If I borrow money from someone, does that person have the legal right to take out a line of credit for the amount borrowed and pass fees and interest on to me?

I borrowed $1500 from my former boss to buy a car on the title of which he is listed as teh security interest holder. Does he have the legal right to go to a lender for a line of credit in the amount I owe him and pass those [ayments, feesand interest on to me?
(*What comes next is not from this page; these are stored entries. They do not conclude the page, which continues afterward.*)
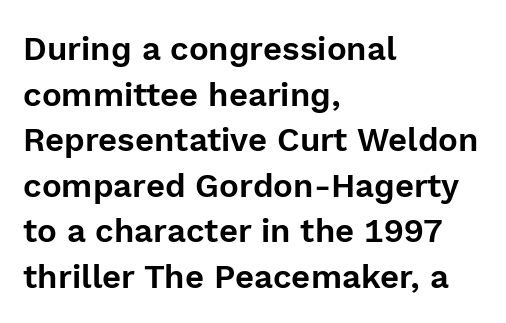
Q: Is the text italic (slanted)? A: No, it is upright.
Q: Is the typeface a serif or a sans-serif typeface? A: Sans-serif.
Q: Is the text underlined? A: No.
Q: How is the paragraph aligned? A: Left-aligned.
Q: Is the spacing between letters normal or unusually wide? A: Normal.
Q: Is the spacing between lines tight, normal or loose? A: Normal.
Q: Width (condensed, normal, or wide)? A: Normal.
Q: x-height? A: Medium.
Q: Monospaced? A: No.
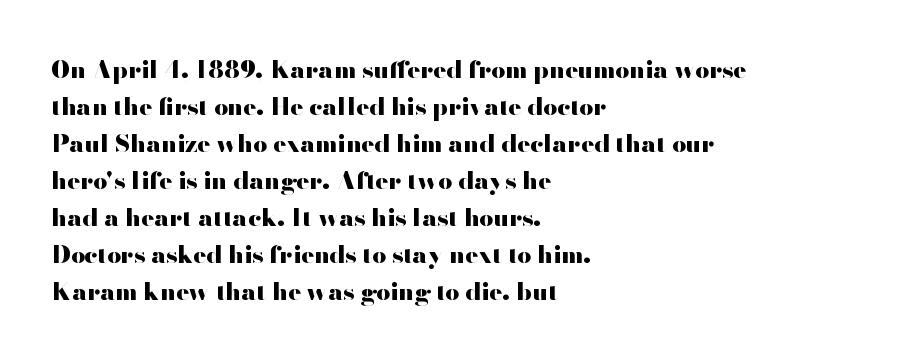
Q: Is the text bold? A: Yes.
Q: Is the text italic (slanted)? A: No, it is upright.
Q: Is the text underlined? A: No.
Q: How is the paragraph aligned? A: Left-aligned.
Q: Is the spacing between letters normal or unusually wide? A: Normal.
Q: Is the spacing between lines tight, normal or loose? A: Normal.

Or, do his rights include more than simply repossessing the vehicle?

Asked on June 26, 2012 under Bankruptcy Law, Oregon


SJZ, Member, New York Bar / FreeAdvice Contributing Attorney

Answered 8 years ago | Contributor

1) The person you borrowed from has no right to pass interest, fees, etc. onto you unless you had agreed to them--so if he had told, for example, prior to you borrowing the money that he would do  this and you agreed to borrow it anyway, that would be legal.

2) He would have no right to repossess the car unless you specifically gave him a security interest the car (used it as collateral). Since you apparently did, he would have the right to repossess the car. He could also sue you for any balance due if the car is not worth enough to satisfy the loan--for example, if you still have a remaining balance of $9,500 and the car's current blue book value is $8,500 at the time you default and he repossesses, he could sue you for the extra $1,000.